WHAT YOU HAVE TO DO:
Please restate the entries verbatim. The copy should hold no pictures.

Items listed in a dataset
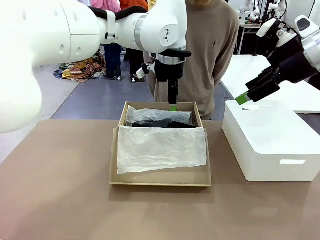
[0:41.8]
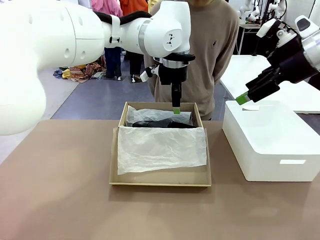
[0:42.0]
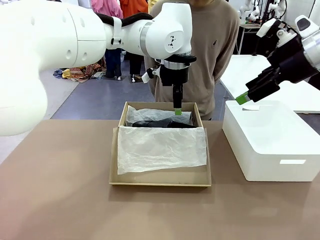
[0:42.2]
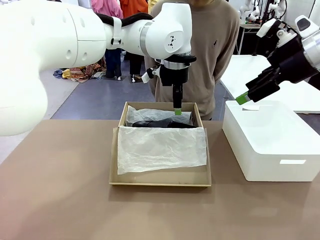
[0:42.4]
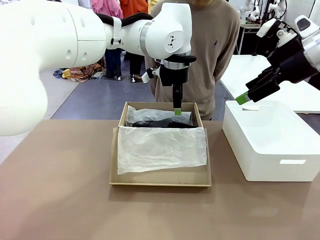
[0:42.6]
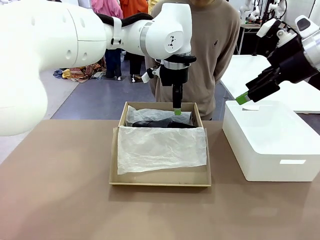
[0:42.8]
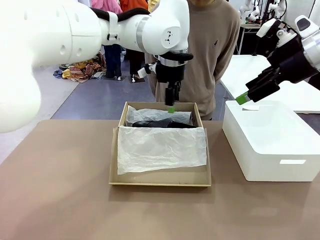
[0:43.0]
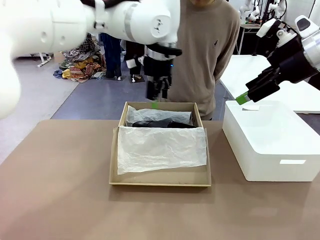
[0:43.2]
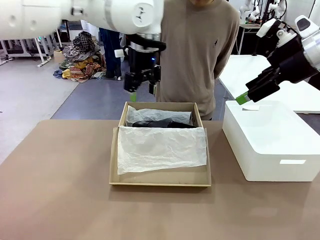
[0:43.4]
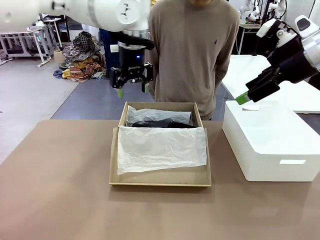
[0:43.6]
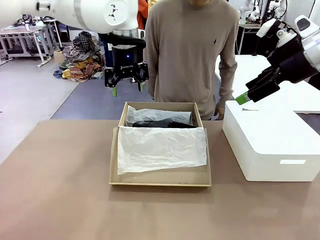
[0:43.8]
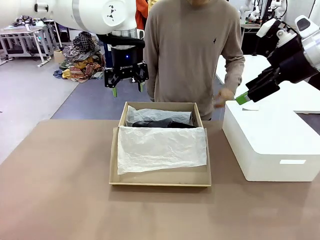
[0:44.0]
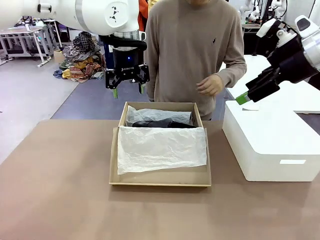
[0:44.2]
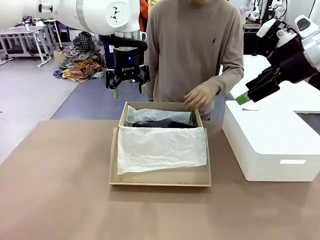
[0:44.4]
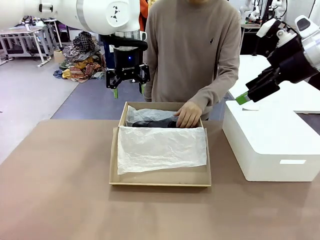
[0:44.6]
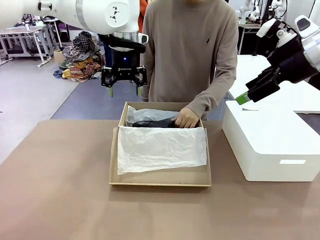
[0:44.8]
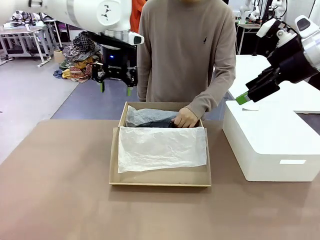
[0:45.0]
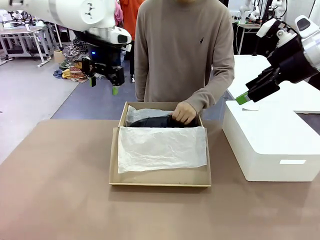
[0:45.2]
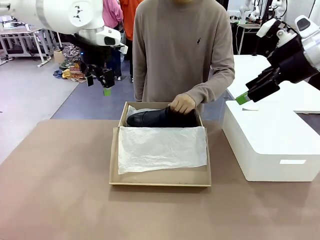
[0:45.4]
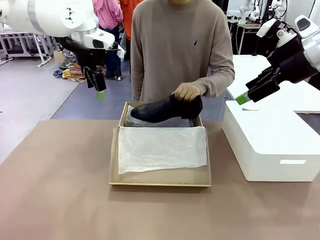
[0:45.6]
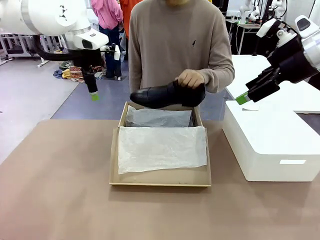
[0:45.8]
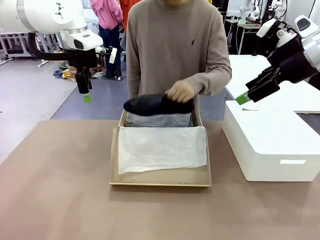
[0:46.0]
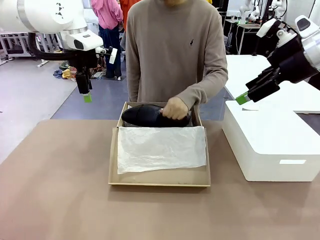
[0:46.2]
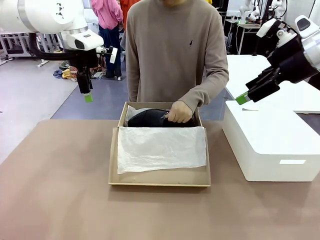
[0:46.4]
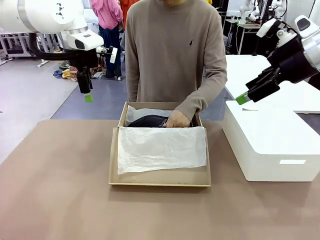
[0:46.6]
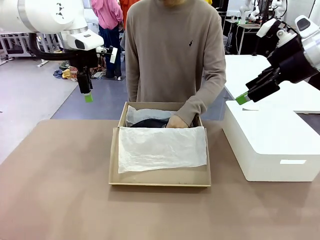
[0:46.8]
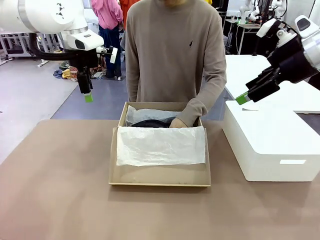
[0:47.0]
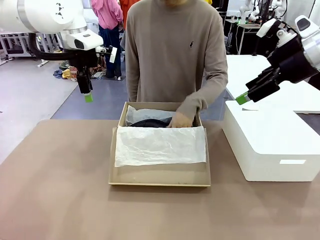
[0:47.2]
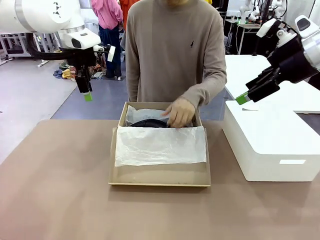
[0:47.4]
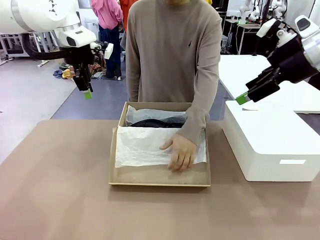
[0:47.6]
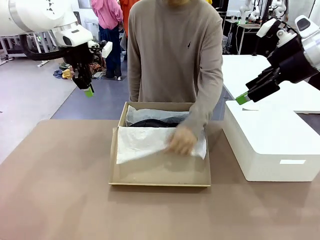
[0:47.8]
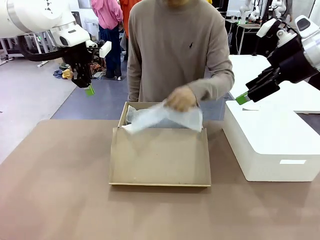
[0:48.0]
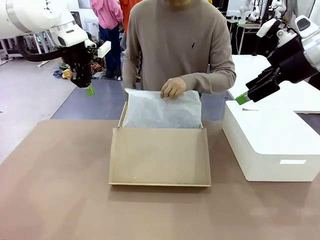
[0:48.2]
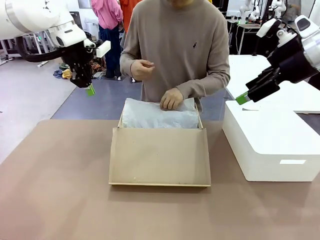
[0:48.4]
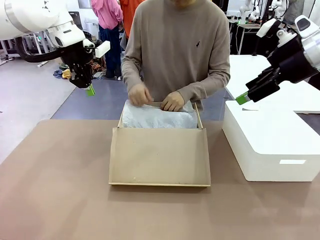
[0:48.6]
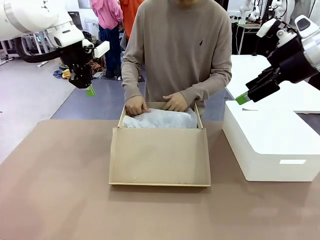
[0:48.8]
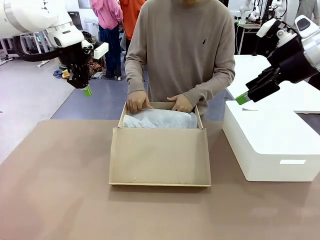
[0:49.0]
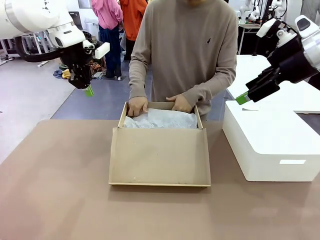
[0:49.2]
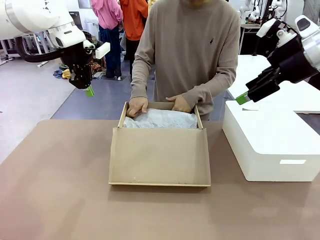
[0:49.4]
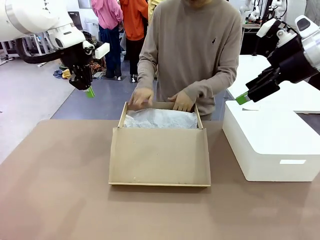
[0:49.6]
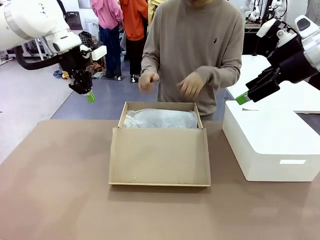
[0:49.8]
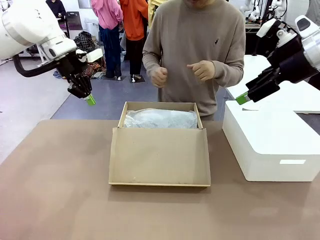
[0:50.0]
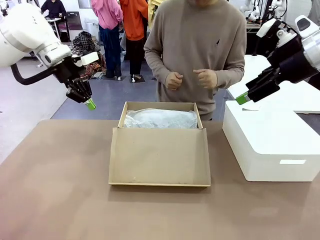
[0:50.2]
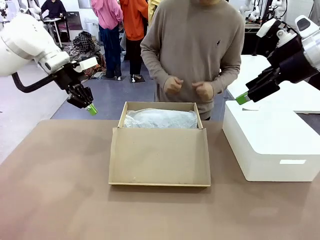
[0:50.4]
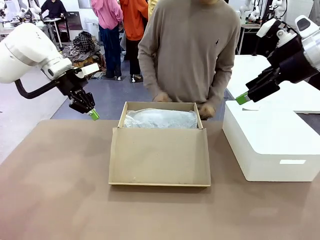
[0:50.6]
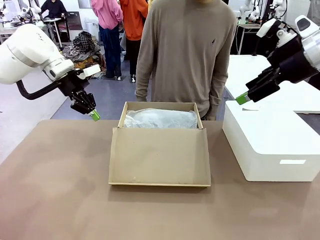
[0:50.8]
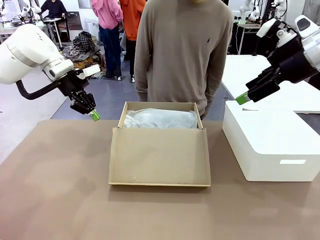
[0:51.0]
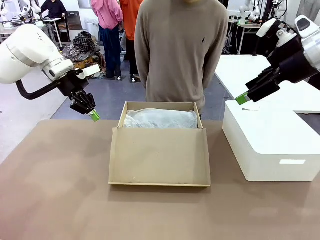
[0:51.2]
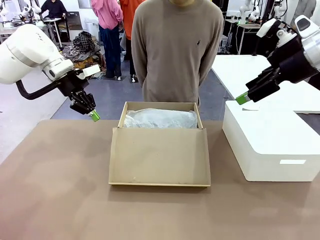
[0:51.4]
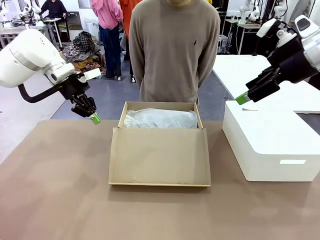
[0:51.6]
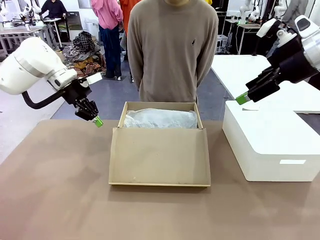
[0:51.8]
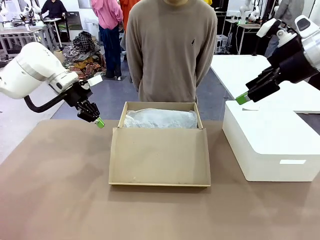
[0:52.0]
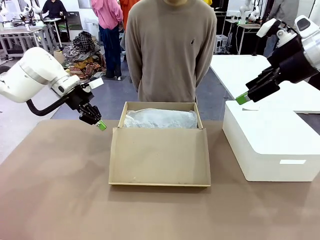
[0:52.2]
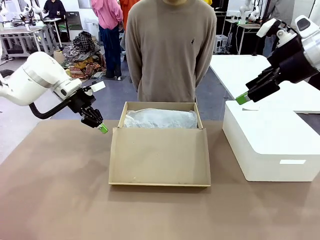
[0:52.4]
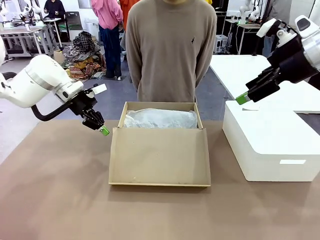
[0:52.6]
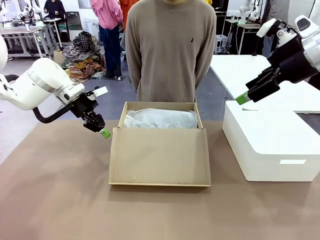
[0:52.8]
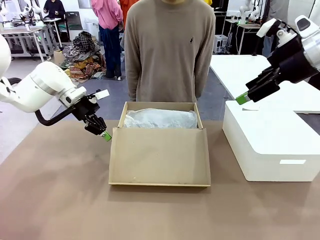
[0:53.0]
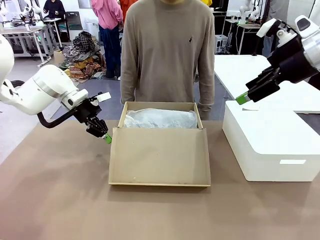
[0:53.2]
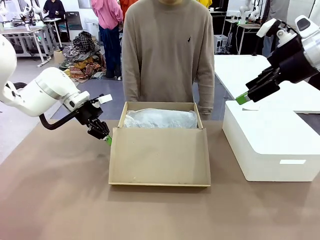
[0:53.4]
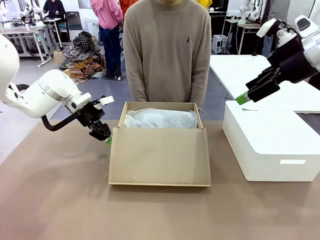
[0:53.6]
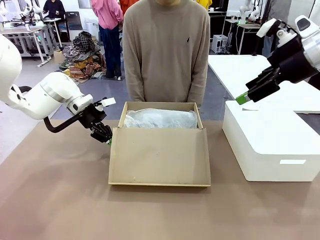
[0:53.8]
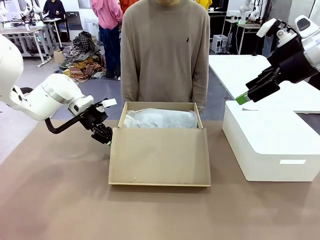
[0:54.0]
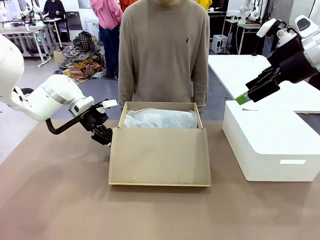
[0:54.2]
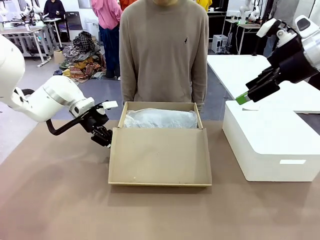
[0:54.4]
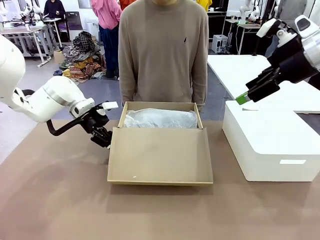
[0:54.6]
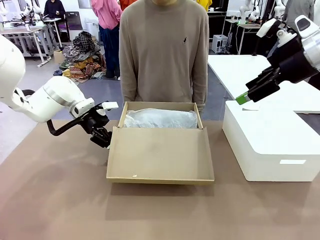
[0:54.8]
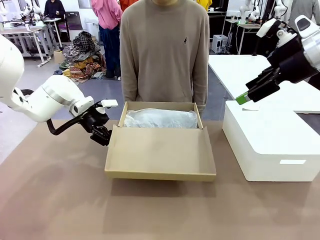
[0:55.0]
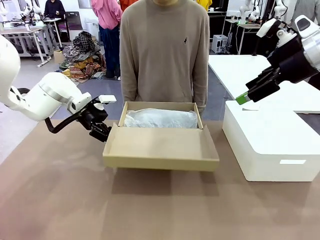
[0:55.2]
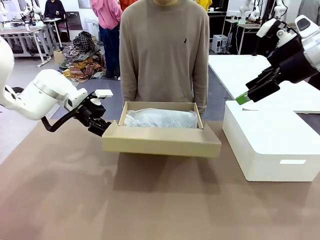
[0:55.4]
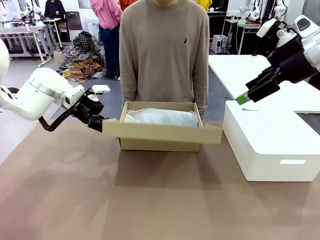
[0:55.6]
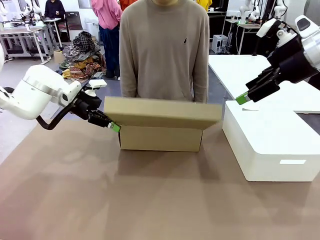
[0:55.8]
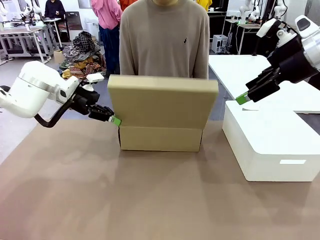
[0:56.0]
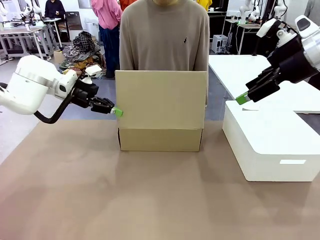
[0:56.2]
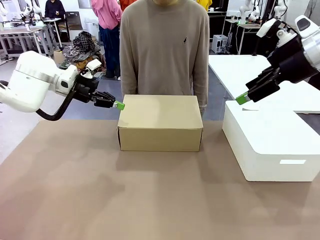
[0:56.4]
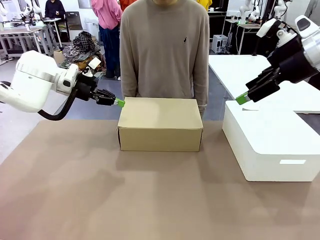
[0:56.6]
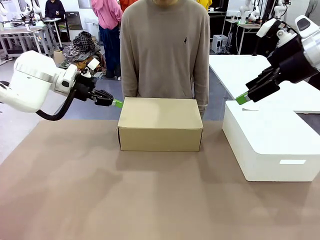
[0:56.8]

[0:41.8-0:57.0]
Task: Pack the shoes into the box.
Robot: Close the Shoes Box.

SOLUTION TO THE PROBLEM:
[0:41.8]
[0:42.0]
[0:42.2]
[0:42.4]
[0:42.6]
[0:42.8]
[0:43.0]
[0:43.2]
[0:43.4]
[0:43.6]
[0:43.8]
[0:44.0]
[0:44.2]
[0:44.4]
[0:44.6]
[0:44.8]
[0:45.0]
[0:45.2]
[0:45.4]
[0:45.6]
[0:45.8]
[0:46.0]
[0:46.2]
[0:46.4]
[0:46.6]
[0:46.8]
[0:47.0]
[0:47.2]
[0:47.4]
[0:47.6]
[0:47.8]
[0:48.0]
[0:48.2]
[0:48.4]
[0:48.6]
[0:48.8]
[0:49.0]
[0:49.2]
[0:49.4]
[0:49.6]
[0:49.8]
[0:50.0]
[0:50.2]
[0:50.4]
[0:50.6]
[0:50.8]
[0:51.0]
[0:51.2]
[0:51.4]
[0:51.6]
[0:51.8]
[0:52.0]
[0:52.2]
[0:52.4]
[0:52.6]
[0:52.8]
[0:53.0]
[0:53.2]
[0:53.4]
[0:53.6]
[0:53.8]
[0:54.0]
[0:54.2]
[0:54.4]
[0:54.6]
[0:54.8]
[0:55.0]
[0:55.2]
[0:55.4]
[0:55.6]
[0:55.8]
[0:56.0]
[0:56.2]
[0:56.4]
[0:56.6]
[0:56.8]

[0:41.8-0:57.0]
Task: Pack the shoes into the box.
Robot: Close the Shoes Box.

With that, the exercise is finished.